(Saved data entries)

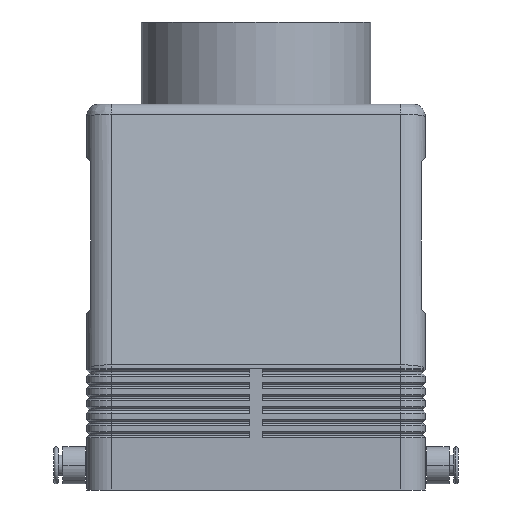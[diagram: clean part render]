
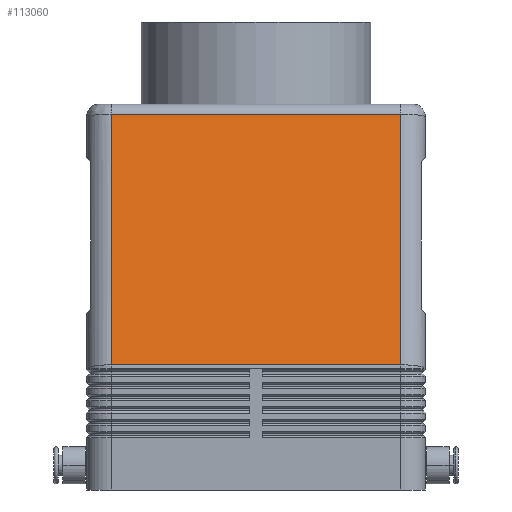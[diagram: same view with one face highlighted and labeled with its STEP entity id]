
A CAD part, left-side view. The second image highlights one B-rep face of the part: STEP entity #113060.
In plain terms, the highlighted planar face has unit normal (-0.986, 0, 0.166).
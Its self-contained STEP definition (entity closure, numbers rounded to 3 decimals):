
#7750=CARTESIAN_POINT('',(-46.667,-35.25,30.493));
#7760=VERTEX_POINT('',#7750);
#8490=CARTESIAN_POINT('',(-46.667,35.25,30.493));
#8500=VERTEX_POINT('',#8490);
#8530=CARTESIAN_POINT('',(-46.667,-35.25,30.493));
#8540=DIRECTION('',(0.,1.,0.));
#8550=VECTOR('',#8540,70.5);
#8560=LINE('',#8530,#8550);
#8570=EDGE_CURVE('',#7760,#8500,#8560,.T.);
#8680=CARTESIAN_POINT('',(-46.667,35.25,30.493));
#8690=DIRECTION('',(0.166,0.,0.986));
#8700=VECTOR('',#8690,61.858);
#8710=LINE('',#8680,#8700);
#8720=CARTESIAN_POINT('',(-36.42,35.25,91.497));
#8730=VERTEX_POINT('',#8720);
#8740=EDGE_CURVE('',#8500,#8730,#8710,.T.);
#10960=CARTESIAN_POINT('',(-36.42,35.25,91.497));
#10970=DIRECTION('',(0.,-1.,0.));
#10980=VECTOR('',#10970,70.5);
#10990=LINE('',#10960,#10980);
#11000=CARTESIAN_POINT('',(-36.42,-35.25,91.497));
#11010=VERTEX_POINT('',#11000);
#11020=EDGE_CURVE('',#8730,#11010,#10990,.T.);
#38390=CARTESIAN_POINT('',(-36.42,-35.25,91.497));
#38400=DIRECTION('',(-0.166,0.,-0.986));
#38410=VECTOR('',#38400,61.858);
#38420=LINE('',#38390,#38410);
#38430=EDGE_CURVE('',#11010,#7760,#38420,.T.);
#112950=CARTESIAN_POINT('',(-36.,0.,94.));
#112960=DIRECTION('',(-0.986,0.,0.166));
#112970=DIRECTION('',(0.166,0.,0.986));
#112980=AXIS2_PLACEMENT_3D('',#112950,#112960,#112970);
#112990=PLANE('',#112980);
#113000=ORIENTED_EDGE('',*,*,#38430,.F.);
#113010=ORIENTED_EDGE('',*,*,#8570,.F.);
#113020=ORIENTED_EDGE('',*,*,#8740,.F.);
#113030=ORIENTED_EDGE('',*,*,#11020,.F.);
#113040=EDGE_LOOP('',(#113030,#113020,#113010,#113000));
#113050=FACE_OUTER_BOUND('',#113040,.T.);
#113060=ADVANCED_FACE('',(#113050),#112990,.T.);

---

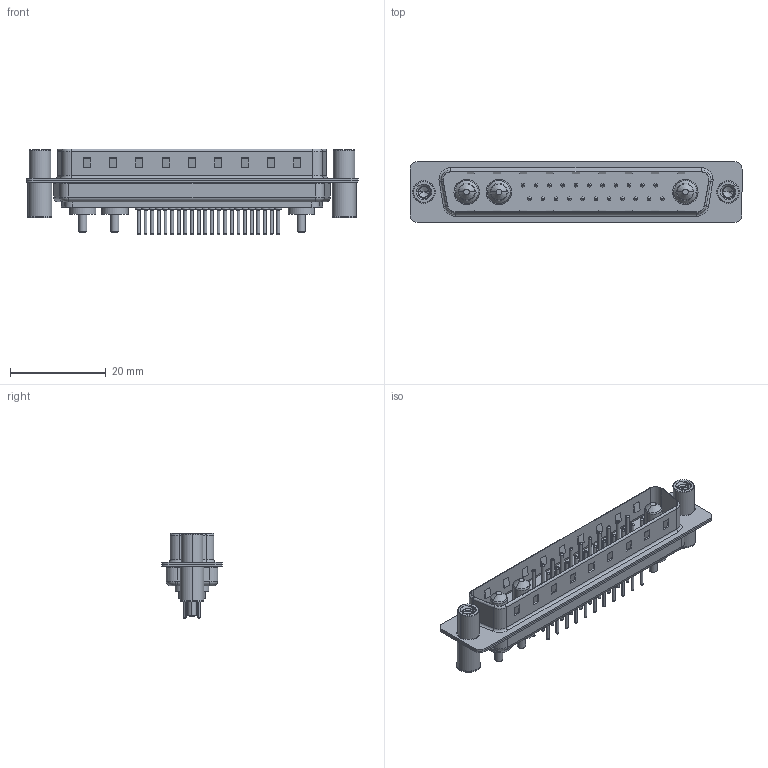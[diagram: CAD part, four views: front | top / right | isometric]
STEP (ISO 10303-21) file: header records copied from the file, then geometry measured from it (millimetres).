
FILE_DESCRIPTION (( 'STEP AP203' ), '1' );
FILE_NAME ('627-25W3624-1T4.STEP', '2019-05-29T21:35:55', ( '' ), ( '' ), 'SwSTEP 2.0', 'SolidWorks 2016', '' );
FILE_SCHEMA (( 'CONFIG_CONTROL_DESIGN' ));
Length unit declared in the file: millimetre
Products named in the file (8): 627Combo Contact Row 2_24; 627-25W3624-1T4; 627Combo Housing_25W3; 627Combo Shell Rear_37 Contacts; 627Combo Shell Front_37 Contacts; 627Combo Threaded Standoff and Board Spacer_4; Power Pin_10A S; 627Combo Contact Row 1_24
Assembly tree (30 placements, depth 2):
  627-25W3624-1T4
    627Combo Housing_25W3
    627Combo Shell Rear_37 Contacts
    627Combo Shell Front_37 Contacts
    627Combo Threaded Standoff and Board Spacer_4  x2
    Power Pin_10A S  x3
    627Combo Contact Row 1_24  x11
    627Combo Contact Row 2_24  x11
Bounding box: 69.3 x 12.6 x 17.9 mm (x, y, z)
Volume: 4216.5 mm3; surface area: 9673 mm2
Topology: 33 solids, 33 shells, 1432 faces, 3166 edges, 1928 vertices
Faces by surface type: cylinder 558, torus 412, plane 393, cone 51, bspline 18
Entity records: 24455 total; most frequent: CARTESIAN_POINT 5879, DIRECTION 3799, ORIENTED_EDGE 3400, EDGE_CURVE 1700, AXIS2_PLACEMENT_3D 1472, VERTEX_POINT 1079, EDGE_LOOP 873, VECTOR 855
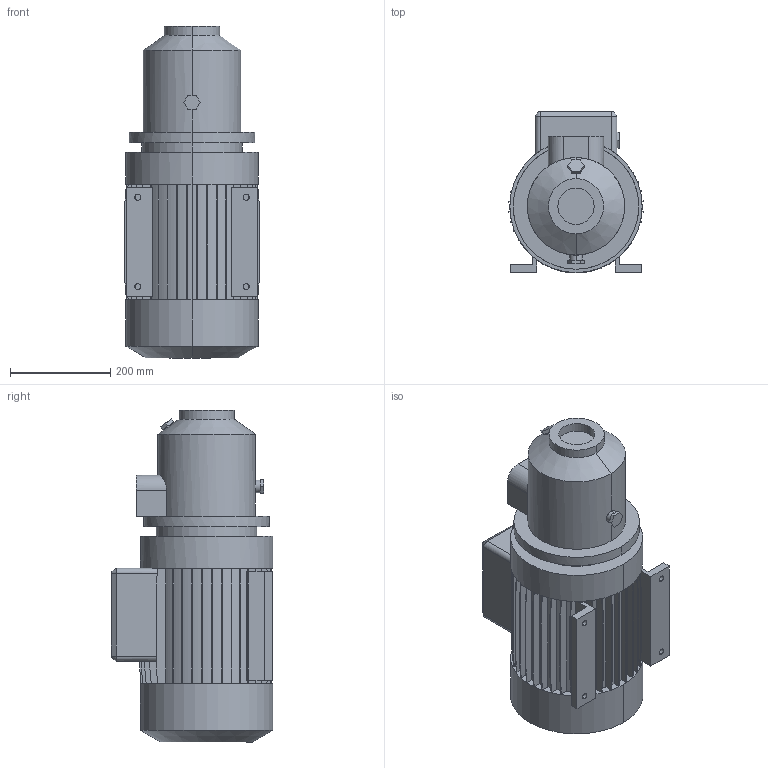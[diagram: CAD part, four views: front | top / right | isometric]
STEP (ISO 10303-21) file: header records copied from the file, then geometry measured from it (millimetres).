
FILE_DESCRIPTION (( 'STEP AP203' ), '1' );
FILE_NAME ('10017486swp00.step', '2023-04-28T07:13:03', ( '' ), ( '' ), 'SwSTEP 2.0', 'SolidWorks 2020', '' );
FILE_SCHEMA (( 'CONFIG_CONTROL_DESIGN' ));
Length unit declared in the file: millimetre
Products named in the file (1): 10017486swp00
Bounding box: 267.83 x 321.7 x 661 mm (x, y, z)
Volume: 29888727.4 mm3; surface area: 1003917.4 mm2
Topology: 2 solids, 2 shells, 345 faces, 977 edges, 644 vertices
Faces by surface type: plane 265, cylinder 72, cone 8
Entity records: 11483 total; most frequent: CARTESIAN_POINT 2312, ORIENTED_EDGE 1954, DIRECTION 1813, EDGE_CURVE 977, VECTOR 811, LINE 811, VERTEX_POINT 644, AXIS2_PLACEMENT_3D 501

==

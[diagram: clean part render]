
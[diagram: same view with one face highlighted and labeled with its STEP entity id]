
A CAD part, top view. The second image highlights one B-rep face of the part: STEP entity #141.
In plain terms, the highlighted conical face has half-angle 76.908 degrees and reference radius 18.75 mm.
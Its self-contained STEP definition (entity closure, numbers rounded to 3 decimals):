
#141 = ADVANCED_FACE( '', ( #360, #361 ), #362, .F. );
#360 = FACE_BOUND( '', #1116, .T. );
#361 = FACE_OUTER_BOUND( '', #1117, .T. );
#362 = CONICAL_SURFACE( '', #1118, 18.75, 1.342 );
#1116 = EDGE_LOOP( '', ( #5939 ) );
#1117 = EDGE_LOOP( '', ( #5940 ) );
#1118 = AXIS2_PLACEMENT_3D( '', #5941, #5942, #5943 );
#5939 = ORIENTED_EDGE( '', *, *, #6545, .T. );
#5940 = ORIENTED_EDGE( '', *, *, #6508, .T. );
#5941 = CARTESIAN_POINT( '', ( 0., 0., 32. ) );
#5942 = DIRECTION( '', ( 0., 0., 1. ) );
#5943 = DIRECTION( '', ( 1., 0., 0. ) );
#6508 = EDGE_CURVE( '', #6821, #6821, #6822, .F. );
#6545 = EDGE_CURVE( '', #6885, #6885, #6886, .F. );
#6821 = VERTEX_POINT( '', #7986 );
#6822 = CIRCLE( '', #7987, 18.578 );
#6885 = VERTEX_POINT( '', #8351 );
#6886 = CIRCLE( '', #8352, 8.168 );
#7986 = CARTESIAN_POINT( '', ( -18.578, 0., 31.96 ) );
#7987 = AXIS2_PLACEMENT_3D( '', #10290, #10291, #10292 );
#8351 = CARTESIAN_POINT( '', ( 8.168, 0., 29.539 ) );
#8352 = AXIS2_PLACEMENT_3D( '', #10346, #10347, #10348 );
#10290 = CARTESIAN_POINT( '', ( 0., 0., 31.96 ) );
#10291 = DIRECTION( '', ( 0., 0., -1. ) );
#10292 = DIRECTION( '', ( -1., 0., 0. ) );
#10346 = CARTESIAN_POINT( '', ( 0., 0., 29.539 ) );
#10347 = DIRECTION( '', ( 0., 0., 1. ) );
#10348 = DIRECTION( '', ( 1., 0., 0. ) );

*Instructions to follow*:
Taking the entries above, write out exactly the lines starting with the line containing "#8352 = AXIS2_PLACEMENT_3D( '', #10346, #10347, #10348" and going on through the line containing "#10348 = DIRECTION( '', ( 1., 0., 0. ) );", both included, and nothing else.

*Output of the exercise*:
#8352 = AXIS2_PLACEMENT_3D( '', #10346, #10347, #10348 );
#10290 = CARTESIAN_POINT( '', ( 0., 0., 31.96 ) );
#10291 = DIRECTION( '', ( 0., 0., -1. ) );
#10292 = DIRECTION( '', ( -1., 0., 0. ) );
#10346 = CARTESIAN_POINT( '', ( 0., 0., 29.539 ) );
#10347 = DIRECTION( '', ( 0., 0., 1. ) );
#10348 = DIRECTION( '', ( 1., 0., 0. ) );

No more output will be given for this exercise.